T. Miyaji (NASA/GSFC,U. Maryland), E. Boldt, K. Jahoda (NASA/GSFC), O. Lahav (IoA)

We discuss the local X-ray volume emissivity at hard bands (2 - 10 keV) from the cross-correlation between surface brightness fluctuation of the cosmic X-ray background and nearby galaxies. We have found correlation signals between HEAO 1 A2 surface brightness $I$ and number counts $N$ of IRAS/ESO/UGC galaxies of $W_{xg} \equiv \frac{\langle \delta I \, \delta N \rangle} {\langle I \rangle \langle N \rangle} \sim (3-10) \times 10^{-3}$. We have constructed a detailed model explaining the correlation signal in terms of the local volume emissivity. The correlation is contributed by the Poisson noise process where the correlating sample galaxies themselves emit X-rays. In this case, the correlation between the X-ray luminosity of galaxies and the infrared luminosity (or optical diameter) should be taken into account to evaluate its contribution to $W_{xg}$. Also, for a low spatial resolution experiment such as the HEAO 1 A2, the clusterings of the X-ray sources with the sample galaxies contribute to $W_{xg}$. We present the formulation to take these effects into account for the analysis.

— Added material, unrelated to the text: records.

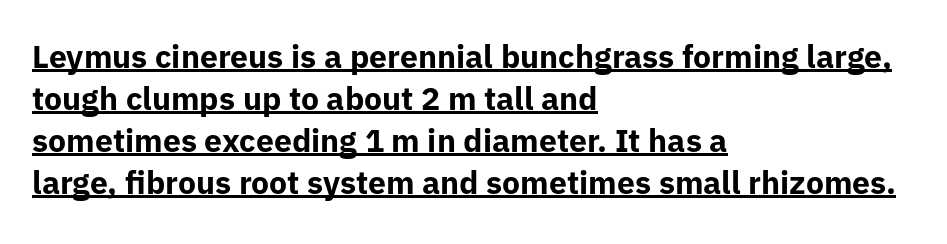
Q: Is the text bold? A: Yes.
Q: Is the text italic (slanted)? A: No, it is upright.
Q: Is the typeface a serif or a sans-serif typeface? A: Sans-serif.
Q: Is the text underlined? A: Yes.
Q: How is the paragraph aligned? A: Left-aligned.
Q: Is the spacing between letters normal or unusually wide? A: Normal.
Q: Is the spacing between lines tight, normal or loose? A: Normal.
Q: Width (condensed, normal, or wide)? A: Normal.
Q: Stroke contrast? A: Low.
Q: x-height? A: Medium.
Q: Monospaced? A: No.
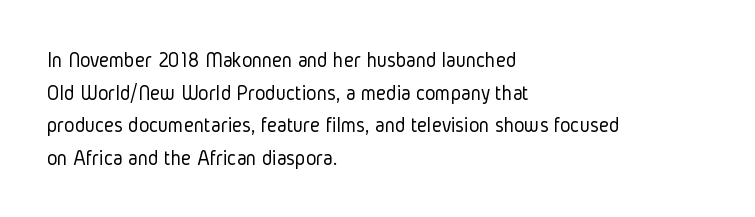
{"italic": "no", "bold": "no", "underline": "no", "align": "left", "line_spacing": "normal", "line_spacing_ratio": 1.48, "letter_spacing": "normal", "letter_spacing_em": 0.0, "glyph_px": 22}
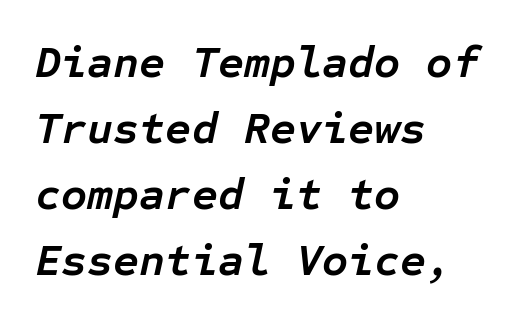
These lines carry a lot of weight — the face is fully bold. Students, observe: this is what conventionally led text looks like. The rendering uses typewriter-style spacing with identical character cells. The foot of each line stays bare and open.

Monte-Carlo simulations have been made to simulate the correlation. These are useful in direct comparison with the observations and estimating the uncertainty due to the finite number of sources contributing to the correlation.

The results are consistent with the models where the 2 - 10 keV volume emissivity is ($\rho_x \sim 4 \times 10^{38} h_{50} erg\,s^{-1} \, Mpc^{-3}$), dominated by the AGN component (with $L_x > 10^{42} h_{50}^{-2} erg\,s^{-1}$ ). This provides a constraint at the present epoch to models of the cosmic X-ray background with evolving populations of sources.

This presentation represents a part of TM's dissertation toward the fulfillment of the PhD requirements of the University of Maryland.